Computational Method

Our first-principles calculations were based on the density-functional theory (DFT) as implemented in the Vienna ab initio simulation package (VASP)34, using the projector augmented wave method35. The generalized gradient approximation with Perdew-Burke-Ernzerhof36 realization was adopted for the exchange-correlation functional. The plane-wave cutoff energy was set to 550 eV. The Monkhorst-Pack k-point mesh37 of size 11 × 11 × 1 was used for the BZ sampling. The structure relaxation considering both the atomic positions and lattice vectors was performed by the conjugate gradient (CG) scheme until the maximum force on each atom was less than 0.0001 eV/Å, and the total energy was converged to 10−8 eV with Gaussian smearing method.

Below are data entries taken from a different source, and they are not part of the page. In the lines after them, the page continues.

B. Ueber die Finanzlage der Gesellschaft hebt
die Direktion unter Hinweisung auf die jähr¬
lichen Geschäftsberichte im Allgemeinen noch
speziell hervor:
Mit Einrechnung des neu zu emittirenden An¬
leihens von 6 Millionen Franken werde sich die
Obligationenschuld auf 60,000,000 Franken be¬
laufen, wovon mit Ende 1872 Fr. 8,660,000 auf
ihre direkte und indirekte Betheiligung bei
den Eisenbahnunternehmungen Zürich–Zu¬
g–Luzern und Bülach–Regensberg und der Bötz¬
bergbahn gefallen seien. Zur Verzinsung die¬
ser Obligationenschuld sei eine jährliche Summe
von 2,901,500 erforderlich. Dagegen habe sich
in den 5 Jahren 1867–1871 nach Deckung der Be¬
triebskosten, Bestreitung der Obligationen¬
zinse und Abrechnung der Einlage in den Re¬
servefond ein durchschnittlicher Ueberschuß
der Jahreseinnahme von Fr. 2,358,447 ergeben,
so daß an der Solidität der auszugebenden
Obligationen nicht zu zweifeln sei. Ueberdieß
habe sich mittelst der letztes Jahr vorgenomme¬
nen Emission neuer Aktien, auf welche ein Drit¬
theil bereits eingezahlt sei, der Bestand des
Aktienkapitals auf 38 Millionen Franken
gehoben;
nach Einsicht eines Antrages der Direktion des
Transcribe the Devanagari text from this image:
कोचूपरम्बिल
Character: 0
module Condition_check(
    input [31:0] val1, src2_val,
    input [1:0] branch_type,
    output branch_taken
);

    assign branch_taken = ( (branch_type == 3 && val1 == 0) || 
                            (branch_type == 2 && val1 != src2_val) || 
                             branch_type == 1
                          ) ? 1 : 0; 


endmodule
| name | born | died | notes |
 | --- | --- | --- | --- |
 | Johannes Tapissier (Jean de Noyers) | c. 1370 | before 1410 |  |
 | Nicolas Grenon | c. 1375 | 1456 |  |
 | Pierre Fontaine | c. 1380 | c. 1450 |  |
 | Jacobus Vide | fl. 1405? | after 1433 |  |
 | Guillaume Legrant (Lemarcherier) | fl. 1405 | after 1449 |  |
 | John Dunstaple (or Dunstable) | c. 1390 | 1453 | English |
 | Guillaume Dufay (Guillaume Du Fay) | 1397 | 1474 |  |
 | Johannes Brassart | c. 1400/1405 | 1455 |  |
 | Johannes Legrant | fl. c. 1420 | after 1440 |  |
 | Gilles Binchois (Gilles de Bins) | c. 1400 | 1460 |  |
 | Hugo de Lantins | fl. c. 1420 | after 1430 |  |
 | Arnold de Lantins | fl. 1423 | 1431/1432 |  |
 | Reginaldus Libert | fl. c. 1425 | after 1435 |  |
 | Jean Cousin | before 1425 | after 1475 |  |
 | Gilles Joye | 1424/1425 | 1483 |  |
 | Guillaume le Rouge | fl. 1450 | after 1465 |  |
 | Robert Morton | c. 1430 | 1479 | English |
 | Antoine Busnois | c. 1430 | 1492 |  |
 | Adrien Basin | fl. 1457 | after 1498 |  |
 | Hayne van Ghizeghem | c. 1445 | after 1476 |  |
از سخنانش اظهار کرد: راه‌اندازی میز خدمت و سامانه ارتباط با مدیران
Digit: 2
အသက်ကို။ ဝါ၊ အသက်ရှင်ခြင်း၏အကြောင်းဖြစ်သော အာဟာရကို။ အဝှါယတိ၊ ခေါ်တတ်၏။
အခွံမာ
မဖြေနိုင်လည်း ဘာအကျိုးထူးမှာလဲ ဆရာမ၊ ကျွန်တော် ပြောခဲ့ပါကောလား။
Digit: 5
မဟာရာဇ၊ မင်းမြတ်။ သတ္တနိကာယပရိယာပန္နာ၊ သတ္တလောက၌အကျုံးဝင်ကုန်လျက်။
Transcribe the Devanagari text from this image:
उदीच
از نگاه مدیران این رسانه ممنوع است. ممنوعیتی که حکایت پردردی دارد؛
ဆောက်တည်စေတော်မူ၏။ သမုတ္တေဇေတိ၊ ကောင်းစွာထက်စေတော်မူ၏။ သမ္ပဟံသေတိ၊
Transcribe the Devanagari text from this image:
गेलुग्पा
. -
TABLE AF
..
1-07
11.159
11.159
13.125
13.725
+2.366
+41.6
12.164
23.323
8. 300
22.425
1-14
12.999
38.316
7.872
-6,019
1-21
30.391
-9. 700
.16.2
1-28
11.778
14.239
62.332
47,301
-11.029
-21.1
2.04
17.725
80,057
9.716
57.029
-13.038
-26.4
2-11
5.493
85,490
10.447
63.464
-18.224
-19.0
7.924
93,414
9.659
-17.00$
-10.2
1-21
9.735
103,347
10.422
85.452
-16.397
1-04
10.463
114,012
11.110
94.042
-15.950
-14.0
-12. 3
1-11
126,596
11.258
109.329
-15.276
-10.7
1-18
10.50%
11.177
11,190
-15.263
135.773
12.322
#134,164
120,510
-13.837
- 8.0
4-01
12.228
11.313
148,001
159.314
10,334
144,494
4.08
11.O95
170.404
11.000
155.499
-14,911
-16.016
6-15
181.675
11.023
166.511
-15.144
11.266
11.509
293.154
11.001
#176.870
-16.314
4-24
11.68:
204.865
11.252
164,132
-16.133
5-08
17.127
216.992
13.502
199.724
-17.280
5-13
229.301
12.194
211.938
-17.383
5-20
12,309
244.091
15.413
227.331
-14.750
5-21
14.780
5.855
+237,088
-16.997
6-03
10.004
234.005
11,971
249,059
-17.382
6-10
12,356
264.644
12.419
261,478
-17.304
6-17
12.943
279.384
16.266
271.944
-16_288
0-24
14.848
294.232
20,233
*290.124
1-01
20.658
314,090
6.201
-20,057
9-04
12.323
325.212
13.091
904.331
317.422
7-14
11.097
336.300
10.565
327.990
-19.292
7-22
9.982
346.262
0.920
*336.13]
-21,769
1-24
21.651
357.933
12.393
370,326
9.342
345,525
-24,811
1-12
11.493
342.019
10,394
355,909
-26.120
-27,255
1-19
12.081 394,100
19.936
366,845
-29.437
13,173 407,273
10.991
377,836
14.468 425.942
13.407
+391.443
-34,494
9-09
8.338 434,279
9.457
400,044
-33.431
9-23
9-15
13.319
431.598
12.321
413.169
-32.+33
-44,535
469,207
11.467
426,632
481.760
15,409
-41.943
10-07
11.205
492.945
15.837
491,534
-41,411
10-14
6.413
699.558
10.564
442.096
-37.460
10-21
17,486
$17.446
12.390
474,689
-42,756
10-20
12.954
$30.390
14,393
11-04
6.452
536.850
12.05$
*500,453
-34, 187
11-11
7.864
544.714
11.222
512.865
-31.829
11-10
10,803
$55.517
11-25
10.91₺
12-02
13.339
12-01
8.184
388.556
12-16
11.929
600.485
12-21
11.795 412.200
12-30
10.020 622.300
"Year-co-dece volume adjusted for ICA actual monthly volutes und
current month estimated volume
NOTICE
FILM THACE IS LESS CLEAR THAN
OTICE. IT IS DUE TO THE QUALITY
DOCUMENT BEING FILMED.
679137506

To avoid unnecessary interactions between the monolayer and its periodic images, the vacuum layer is set to 15 Å. The crystal structures and charge density were plotted with the software VESTA38, and the images in the figure legend were created with the software SciDAVis39. The unit of hole-concentration is dimensionless. The 100% doping means 2 holes doped in area of 172 Å (the area of unit cell of cyclicgraphdiyne). We used Hubbard U (with values 1 and 4 eV) correction in DFT calculations and the electronic band structure was found unaltered. The conductivity is calculated with the package BoltzTrap40 based on a smoothed Fourier interpolation of the bands at temperature of 10 K.